Ann comments on Surprising LLM reasoning failures make me think we still need qualitative breakthroughs for AGI

Ann 16 Apr 2025 16:03 UTC
3 points
0
DeepSeek-R1 is currently the best model at creative writing as judged by Sonnet 3.7 (https://eqbench.com/creative_writing.html). This doesn’t necessarily correlate with human preferences, including coherence preferences, but having interacted with both DeepSeek-v3 (original flavor), Deepseek-R1-Zero and DeepSeek-R1 … Personally I think R1′s unique flavor in creative outputs slipped in when the thinking process got RL’d for legibility. This isn’t a particularly intuitive way to solve for creative writing with reasoning capability, but gestures at the potential in “solving for writing”, given some feedback on writing style (even orthogonal feedback) seems to have significant impact on creative tasks.

Edit: Another (cheaper to run) comparison for creative capability in reasoning models is QwQ-32B vs Qwen2.5-32B (the base model) and Qwen2.5-32B-Instruct (original instruct tune, not clear if in the ancestry of QwQ). Basically I do not consider 3.7 currently a “reasoning” model at the same fundamental level as R1 or QwQ, even though they have learned to make use of reasoning better than they would have without training on it, and evidence from them about reasoning models is weaker.
- lemon10 17 Apr 2025 20:00 UTC
  4 points
  0
  Parent
  >DeepSeek-R1 is currently the best model at creative writing as judged by Sonnet 3.7 (https://eqbench.com/creative_writing.html). This doesn’t necessarily correlate with human preferences, including coherence preferences.

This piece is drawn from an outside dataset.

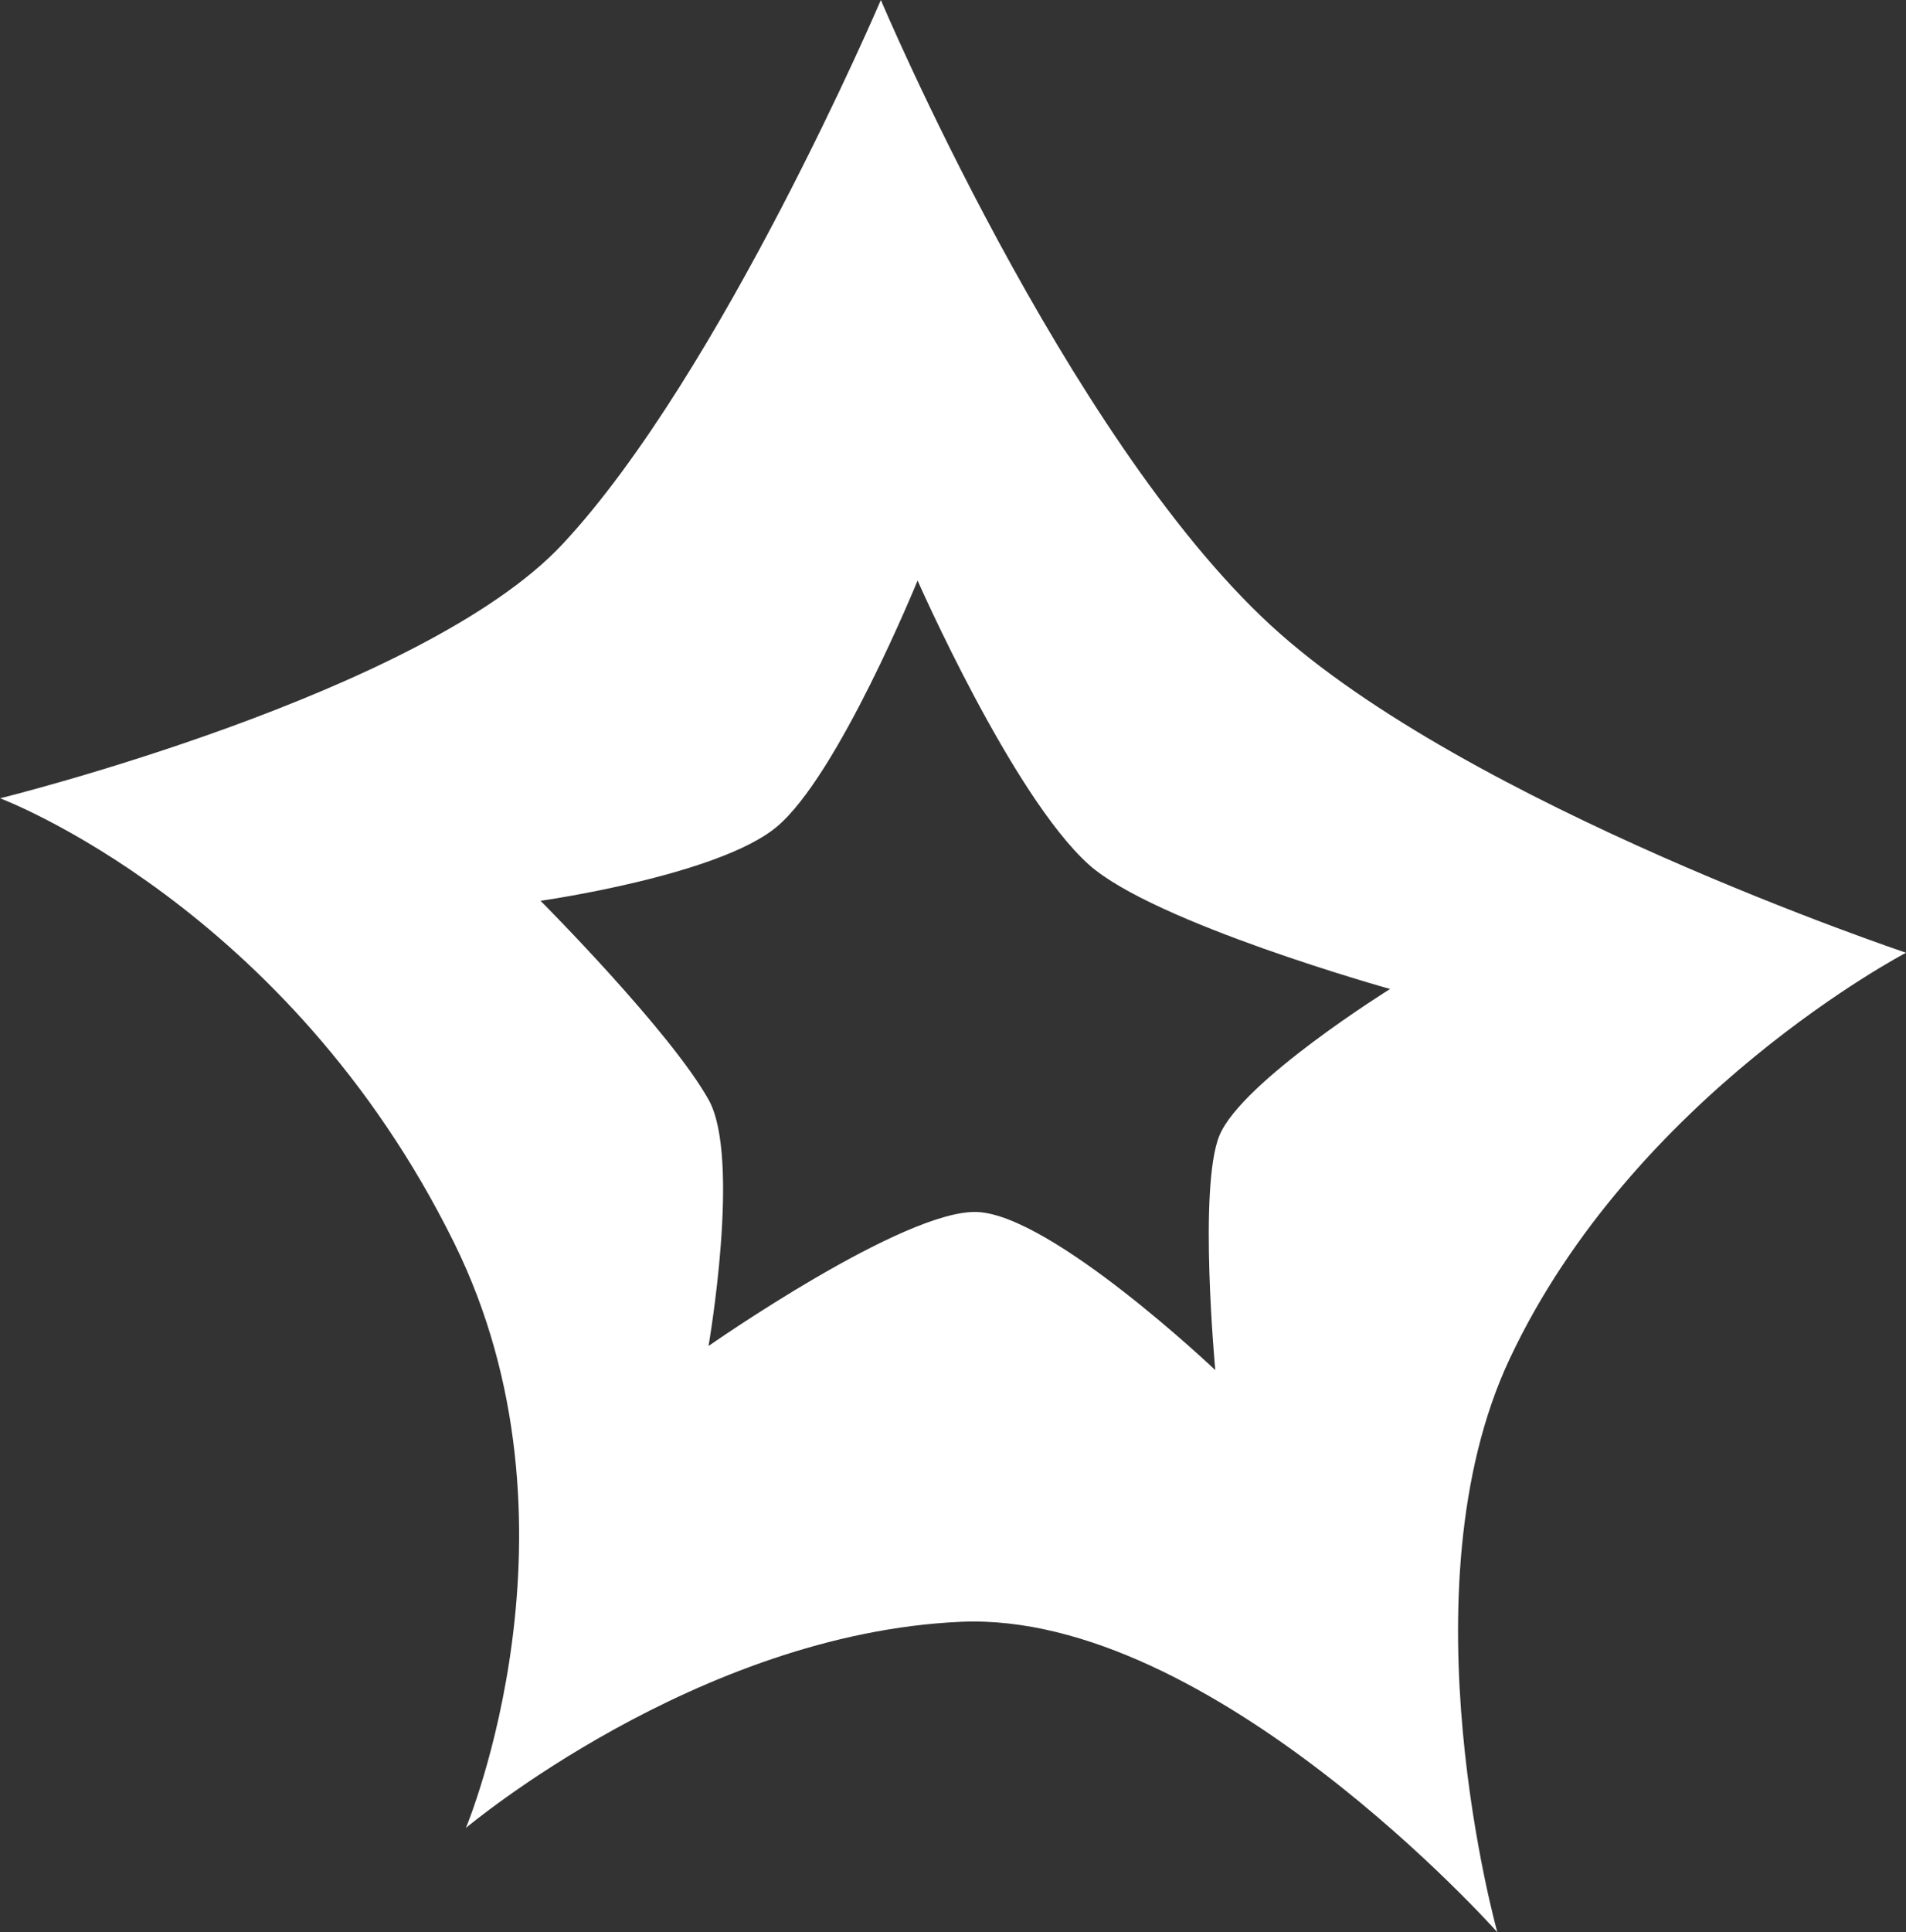 <svg version="1.1" xmlns="http://www.w3.org/2000/svg" xmlns:xlink="http://www.w3.org/1999/xlink" width="23.977" height="24.296" viewBox="0,0,23.977,24.296"><rect x="0" y="0" width="23.977" height="24.296" fill="#333333" stroke="none"/><g transform="translate(-228.011,-167.852)"><g data-paper-data="{&quot;isPaintingLayer&quot;:true}" fill="#ffffff" fill-rule="nonzero" stroke="#000000" stroke-width="0" stroke-linecap="butt" stroke-linejoin="miter" stroke-miterlimit="10" stroke-dasharray="" stroke-dashoffset="0" style="mix-blend-mode: normal"><path d="M243.997,175.715c2.462,2.266 7.992,4.117 7.992,4.117c0,0 -3.429,1.789 -4.988,5.109c-1.362,2.901 -0.154,7.207 -0.154,7.207c0,0 -3.594,-4.041 -6.747,-3.903c-3.318,0.145 -6.228,2.592 -6.228,2.592c0,0 1.602,-3.817 -0.15,-7.361c-2.095,-4.237 -5.71,-5.586 -5.71,-5.586c0,0 5.316,-1.311 7.076,-3.196c1.995,-2.137 4.004,-6.842 4.004,-6.842c0,0 2.309,5.474 4.906,7.864zM234.81,179.178c0,0 1.632,1.637 2.116,2.504c0.409,0.733 -0.002,3.095 -0.002,3.095c0,0 2.465,-1.724 3.381,-1.685c0.941,0.04 2.994,1.988 2.994,1.988c0,0 -0.216,-2.306 0.053,-2.952c0.285,-0.683 2.146,-1.84 2.146,-1.84c0,0 -2.977,-0.832 -3.792,-1.566c-0.963,-0.867 -2.152,-3.57 -2.152,-3.57c0,0 -1.002,2.46 -1.776,3.1c-0.739,0.612 -2.967,0.927 -2.967,0.927z"/></g></g></svg>

  It should be noted that “best at creative writing” is very different from “best at multi-turn writing and roleplaying in collaboration with humans”. I haven’t used R1 since its first major version (maybe its gotten better?), but it had some massive issues with instruction following, resulting in laser focusing on irrelevant minor details (What’s that? The character has anger issues? Better write them breaking or damaging something literally every reply) and generally being extremely hard to guide into actually writing what you want.
  So in theory sure, its great at writing stories (and it is, it has a very unique voice compared to other AI) in theory, but using it in multi turn discussions (most practical uses, such as using it to help you write a story) getting it to follow the spirit of the prompt and write in line with what you want it to write feels like pulling teeth.